Cellular apoptosis was assessed by Annexin V-FITC/PI staining and flow cytometry. Annexin V and PI negative cells (lower left quadrant) were considered nonapoptotic, viable cells. Dead cells are PI positive. Annexin V positive, but PI negative, cells are apoptotic. APN pretreatment (5 ug/mL, 2 hours) significantly decreased the apoptotic and dead population of lung fibroblasts subjected to PQ exposure (0.3 mmol/L, 24 hours) (Fig 7).

thumbnail
Fig 7. Effect of APN on cell apoptosis in control or PQ-incubated lung fibroblast.

PQ (0.3 mmol/L, 24 hours) augmented, whereas pretreated with APN (5 ug/mL, 2 hours) rescued, lung fibroblast apoptotic rate at 24, 48 and 72 h after PQ incubation. Cell apoptosis was assessed by Annexin V-FITC/PI staining and flow cytometry. Values represent the mean ± standard error of the mean of three parallel measurements. *P<0.05. APN, adiponectin; PQ, paraquat.
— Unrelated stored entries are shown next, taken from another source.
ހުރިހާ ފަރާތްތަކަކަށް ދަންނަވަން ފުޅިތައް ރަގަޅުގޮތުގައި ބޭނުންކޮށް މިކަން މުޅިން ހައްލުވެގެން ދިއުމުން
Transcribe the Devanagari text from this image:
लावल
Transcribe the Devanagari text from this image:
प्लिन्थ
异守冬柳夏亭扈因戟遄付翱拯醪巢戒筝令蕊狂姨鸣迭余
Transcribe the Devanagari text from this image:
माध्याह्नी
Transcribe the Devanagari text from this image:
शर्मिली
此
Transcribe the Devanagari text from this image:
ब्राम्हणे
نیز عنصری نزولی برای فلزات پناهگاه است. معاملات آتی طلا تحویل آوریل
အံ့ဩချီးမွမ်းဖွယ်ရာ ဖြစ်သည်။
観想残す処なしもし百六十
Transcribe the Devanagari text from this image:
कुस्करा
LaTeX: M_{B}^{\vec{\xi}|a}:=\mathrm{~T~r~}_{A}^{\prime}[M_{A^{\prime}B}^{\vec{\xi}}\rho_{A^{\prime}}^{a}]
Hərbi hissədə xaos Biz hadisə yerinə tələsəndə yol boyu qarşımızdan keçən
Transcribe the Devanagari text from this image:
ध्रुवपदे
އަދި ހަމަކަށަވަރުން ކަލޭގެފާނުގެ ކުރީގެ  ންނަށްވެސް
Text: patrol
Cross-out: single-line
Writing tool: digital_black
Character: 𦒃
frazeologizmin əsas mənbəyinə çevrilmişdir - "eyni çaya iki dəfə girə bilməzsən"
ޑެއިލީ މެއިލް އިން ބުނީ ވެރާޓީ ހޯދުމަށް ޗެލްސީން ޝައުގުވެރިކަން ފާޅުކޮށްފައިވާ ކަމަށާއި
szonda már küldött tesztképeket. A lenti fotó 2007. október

https://doi.org/10.1371/journal.pone.0125169.g007

APN decreases PQ-induced increased collagen type III expression in human lung fibroblasts

We specifically determined the effect of PQ on collagen type III expression, the main extracellular matrix component in pulmonary cells. Collagen type III deposition increases during acute lung injury and pulmonary fibrosis [18]. Employing Western blot and RT-PCR analysis, we demonstrated APN pretreatment (5 ug/mL for 2 hours) markedly inhibited PQ—induced collagen type III expression in human lung fibroblasts (P<0.05, Fig 8), suggesting PQ-induced ECM formation was significantly reversed by APN.

thumbnail
Fig 8. Effect of APN on collagen type III expression in control or PQ-incubated lung fibroblast.

PQ (0.3 mmol/L, 24 hours) increased, whereas pretreated with APN (5 ug/mL, 2 hours) rescued, collagen type III expression in lung fibroblasts at 24 and 72 h after PQ incubation. The collagen type III protein and mRNA expression were a determined via Western blot and RT-PCR, respectively. Values represent the mean ± standard error of the mean of three parallel measurements. * P<0.05. APN, adiponectin; PQ, paraquat.
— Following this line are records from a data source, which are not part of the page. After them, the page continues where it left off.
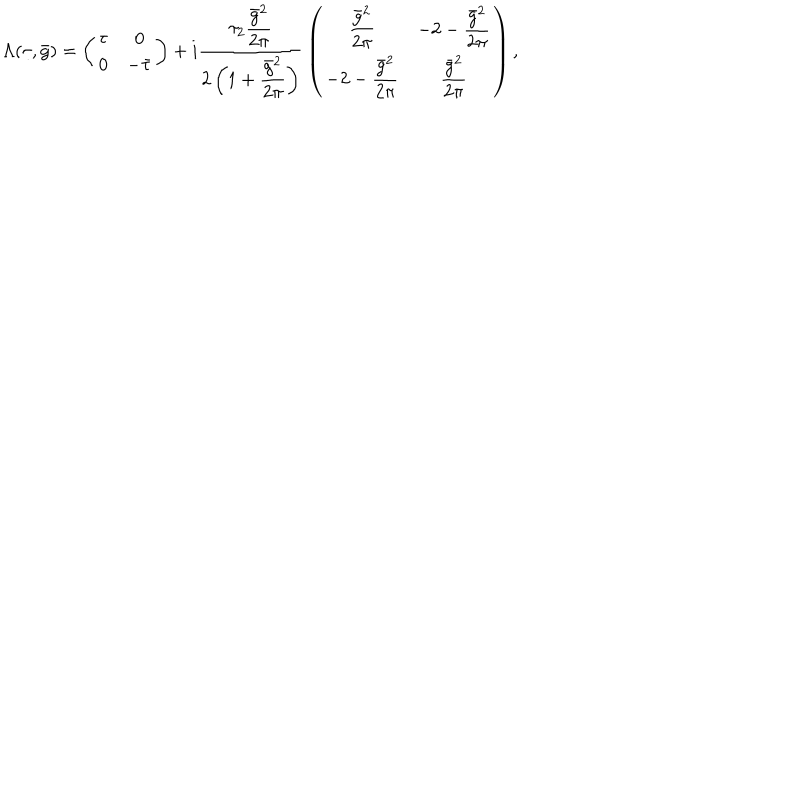
LaTeX: \Lambda ( \tau , \bar { g } ) = \left( \begin{array} { c c } { { \tau } } & { { 0 } } \\ { { 0 } } & { { - \bar { \tau } } } \\ \end{array} \right) + i { \frac { \tau _ { 2 } \displaystyle { \frac { \bar { g } ^ { 2 } } { 2 \pi } } } { 2 \left( 1 + \displaystyle { \frac { \bar { g } ^ { 2 } } { 2 \pi } } \right) } } \left( \begin{array} { c c } { { \displaystyle { \frac { \bar { g } ^ { 2 } } { 2 \pi } } } } & { { - 2 - \displaystyle { \frac { \bar { g } ^ { 2 } } { 2 \pi } } } } \\ { { - 2 - \displaystyle { \frac { \bar { g } ^ { 2 } } { 2 \pi } } } } & { { \displaystyle { \frac { \bar { g } ^ { 2 } } { 2 \pi } } } } \\ \end{array} \right) ,
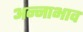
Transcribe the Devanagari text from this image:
अन्नाभाव
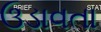
ઉડાવતા
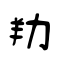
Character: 劷
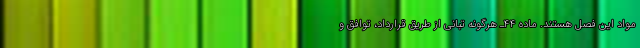
مواد این فصل هستند. ماده ۴۴ـ هرگونه تبانی از طریق قرارداد، توافق و
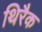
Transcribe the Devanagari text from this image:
थिरैक
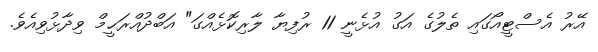
އޭރު އެސްޓީއޯގައި ތެލުގެ އަގު އުޅެނީ 11 ރުފިޔާ ލާރިކޮޅެއްގަ" އަބްދުއްރަޙީމް ވިދާޅުވިއެވެ.
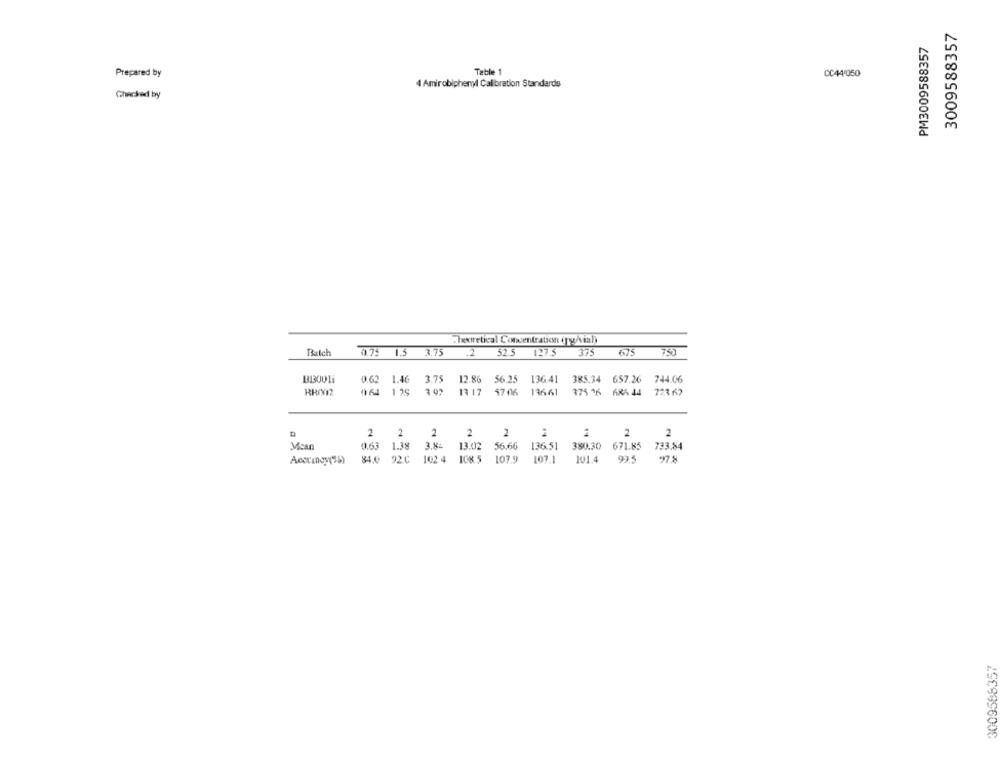
3009588357
PM3009588357
Prepared by
Table 1
CC44.050
4 Amirobiphenyl Calibration Standards
Checked by
lesoretical Concentration (g/vial)
74)
Batch
75
1.5
3.75
.2
52.5
127.5
375
675
0.62
1.46
3.75 12.86 56.25 136.41
385.34 657.26
744.06
BRIVI2
164
1 29
3 92
1317 57:06 13661
375.36 ARA 44
723 67
2
2
2
2
2
2
2
Vcan
0.63
1.38 3.86
13.02 56.66 136.51 380.30 671.85
733.84
84.0 92.C 102 4 108.5 107.9 107.1
101.4
99.5
97.8
3009566357
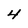
Character: 4
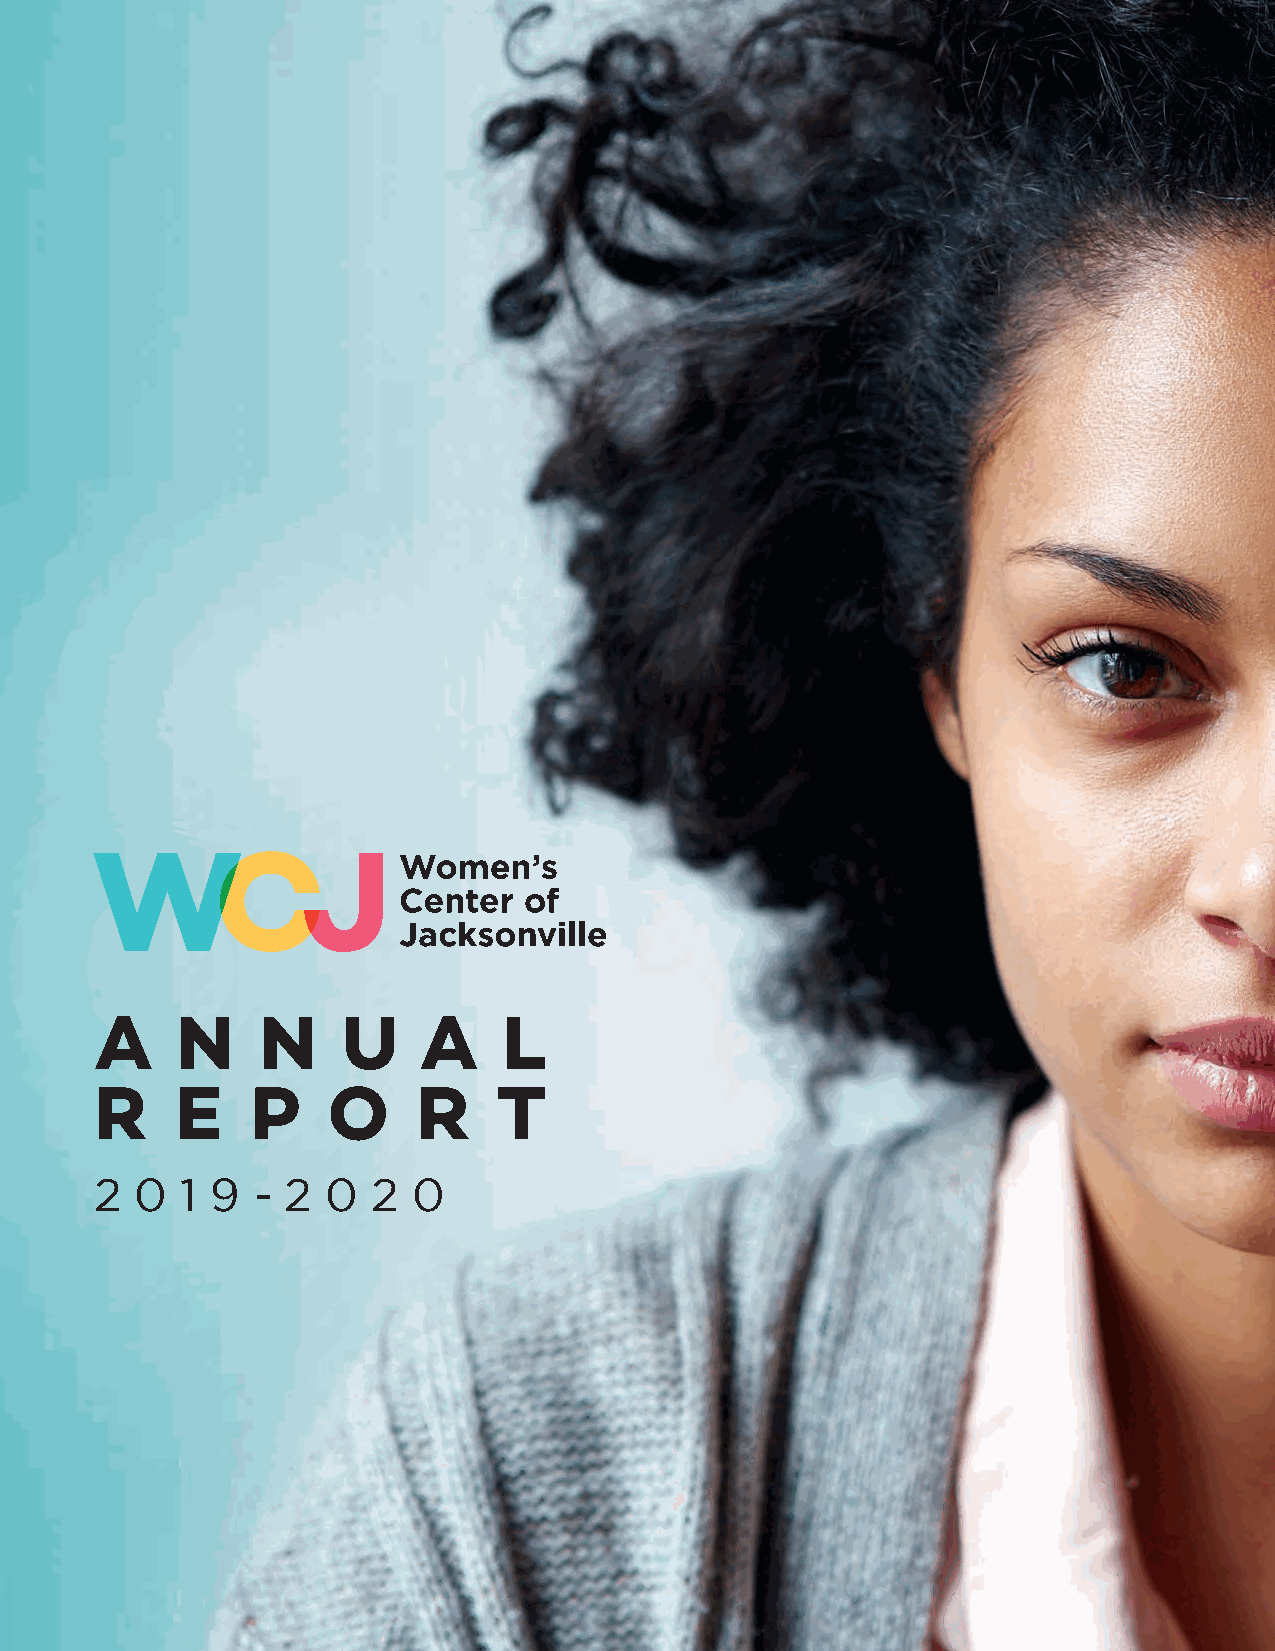
A     N    N     U    A    L
 R     E    P    O     R    T
 2  0  1 9  - 2  0  2 0
 5

https://doi.org/10.1371/journal.pone.0125169.g008

APN receptor expression in lung fibroblasts WI-38

Previous studies indicate APN exerts anti-fibrotic effect by reducing inflammatory reaction or oxidative stress [8, 19]. We hypothesize APN influences PQ-mediated lung fibrosis directly via lung fibroblasts, a predominant effector cell in organ fibrosis. To test this, we determined whether purified populations of human lung fibroblasts WI-38 express the APN receptors (AdipoR1 and AdipoR2). Western blot and RT-PCR analysis demonstrate both AdipoR1 and AdipoR2 protein and mRNA are expressed in WI-38 lung fibroblasts. When cells were incubated with PQ for 24 hours, protein/mRNA expression of both AdipoR1 and AdipoR2 were up-regulated. APN pretreatment further enhanced AdipoR1, but not AdipoR2, up-regulation (Fig 9).

thumbnail
Fig 9. APN receptor expression in lung fibroblast.

Both AdipoR1 and AdipoR2 expression were detected in WI-38 lung fibroblasts. PQ (0.3 mmol/L, 24 hours) treatments up-regulated protein and mRNA expression of both APN receptors in lung fibroblasts WI-38 at 24, 48 and 72 h after PQ incubation. APN (5 ug/mL, 2 hours) pretreatment further enhanced AdipoR1, but not AdipoR2, up-regulation. AdipoR1-specific siRNA successfully abrogated AdipoR1 expression. AdipoR1 and AdipoR2 expression were determined by Western blot and RT-PCR. Values represent the mean ± standard error of the mean of four parallel measurements. *P<0.05. APN, adiponectin; PQ, paraquat, AdipoR, APN receptor.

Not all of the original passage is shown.